His pub has room for 160 people outside but they’ve had to change things to prepare for reopening.
“We don’t need plastic screens as people won’t come into the pub. Instead we’re switching to a continental style of service with our staff taking orders on a handheld device and using disposable menus to reduce the risk to customers,” he says.
Even then, he’s not confident that reopening will be a success.
“We will be walking a tightrope. We are relying on sunny weather to make the new system work.”
He is also worried about rumours that customers will have to book a table and supply the names of everyone on the table.
“It’s just putting more hurdles in our way, which is not good news for an industry that’s on its knees.”

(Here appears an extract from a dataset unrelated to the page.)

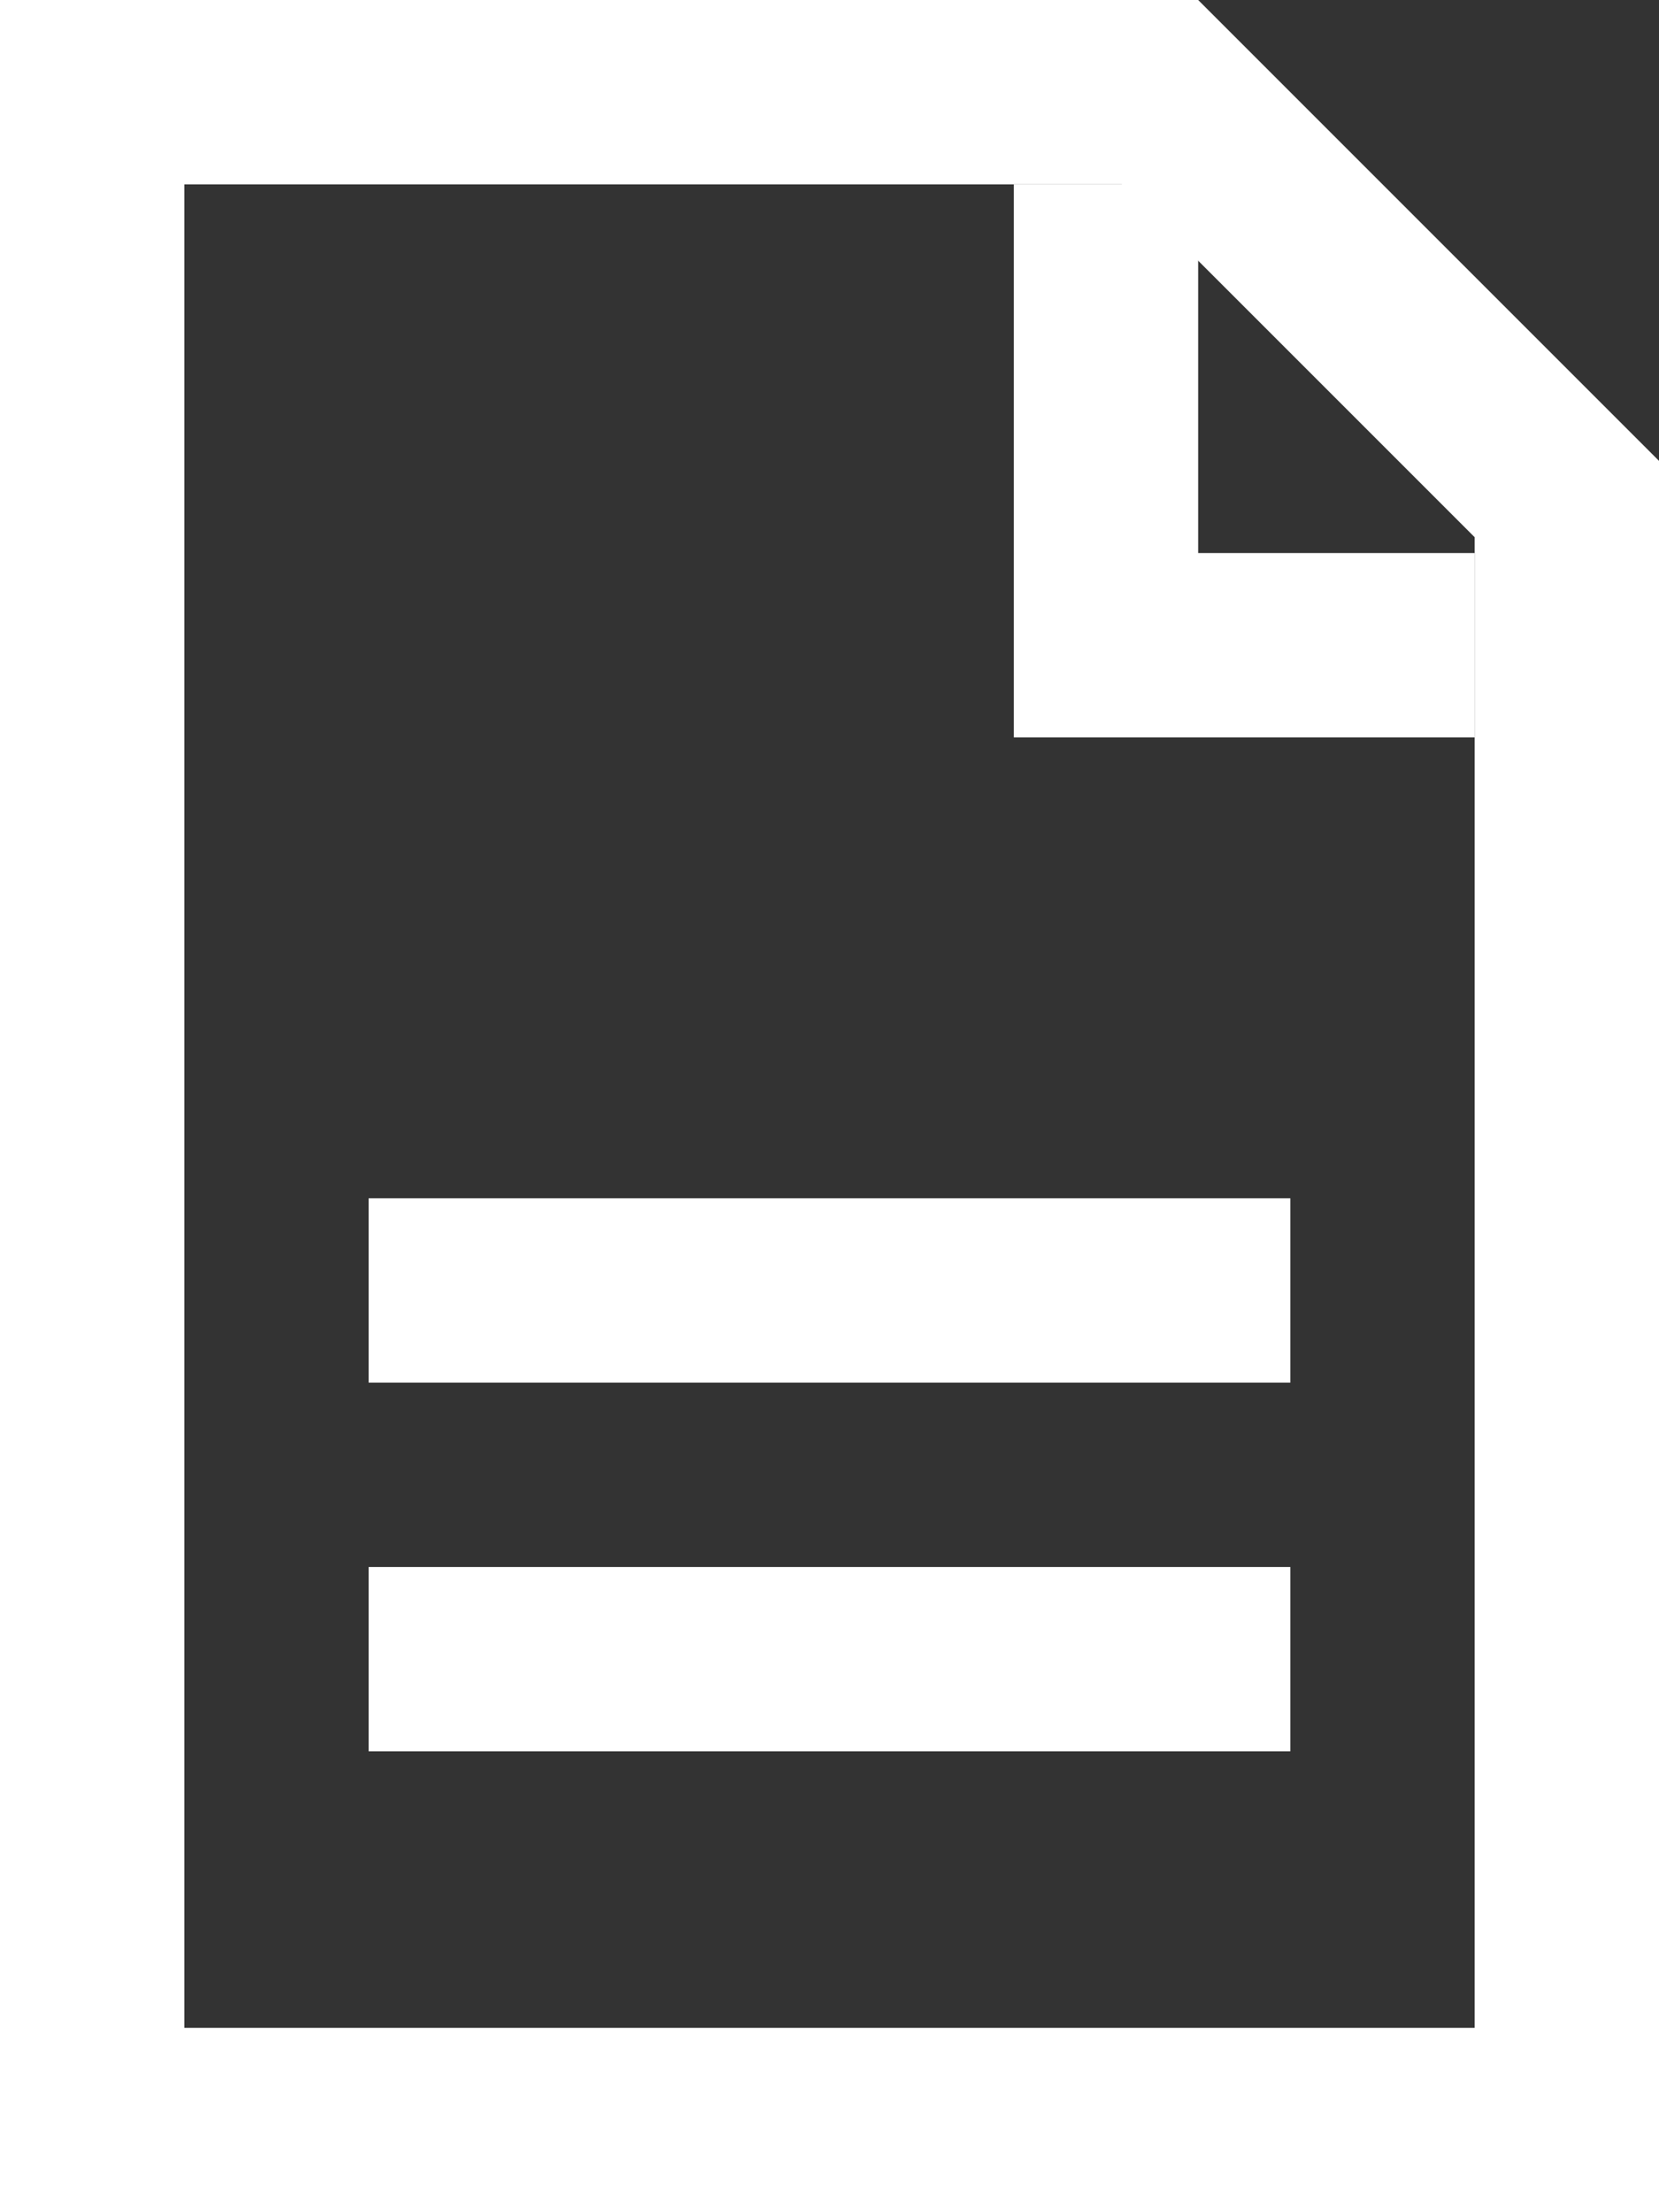 <?xml version="1.0" encoding="UTF-8"?> <svg xmlns="http://www.w3.org/2000/svg" width="9" height="12" viewBox="0 0 9 12" fill="none"><rect x="0" y="0" width="9" height="12" fill="#333333" stroke="none"/> <path d="M2 7C2 7 5.047 7 7 7" stroke="white"></path> <path d="M2 9C2 9 5.047 9 7 9" stroke="white"></path> <path d="M0.5 0.5H6.293L8.5 2.707V11.5H0.5V0.5Z" stroke="white"></path> <path d="M6 1V3.5H8" stroke="white"></path> </svg>

Jo Dyer runs Plymouth hairdressing salon Yoke with husband Steve, and will be able to reopen on 4 July. But the last few weeks have been nerve wracking.
“The guidelines keep changing so we don’t know yet what we need to do to open safely – or what kind of protective equipment will be necessary.”
The salon plans to reopen with half of its eight stations to ensure clients remain a safe distance from each other.
Opening hours will be extended to cover 08:00-20:00 every day except for Sunday to accommodate as many customers as possible, even with half as many stations and stylists available.
Meanwhile clients will only have contact with one person, with stylists washing hair instead of apprentices.
Now the reopening date has been confirmed, Jo hopes to start booking in appointments – although those wanting hair colouring will have to book in for a skin test first.
They are waiting to find out what protective equipment they will need.
“We don’t know what grade facemasks we’ve got to have or what kind of gloves we need, given we’re washing our hands constantly in normal times.
“We have some cloth facemasks but they may not fit in with the guidelines.”
Staff and customer safety will be paramount, she says, which means throwaway gowns instead of their normal eco-wear.
“It goes against our ethical principles, but we’re going to have to compromise to stay within the rules, it seems,” Jo says.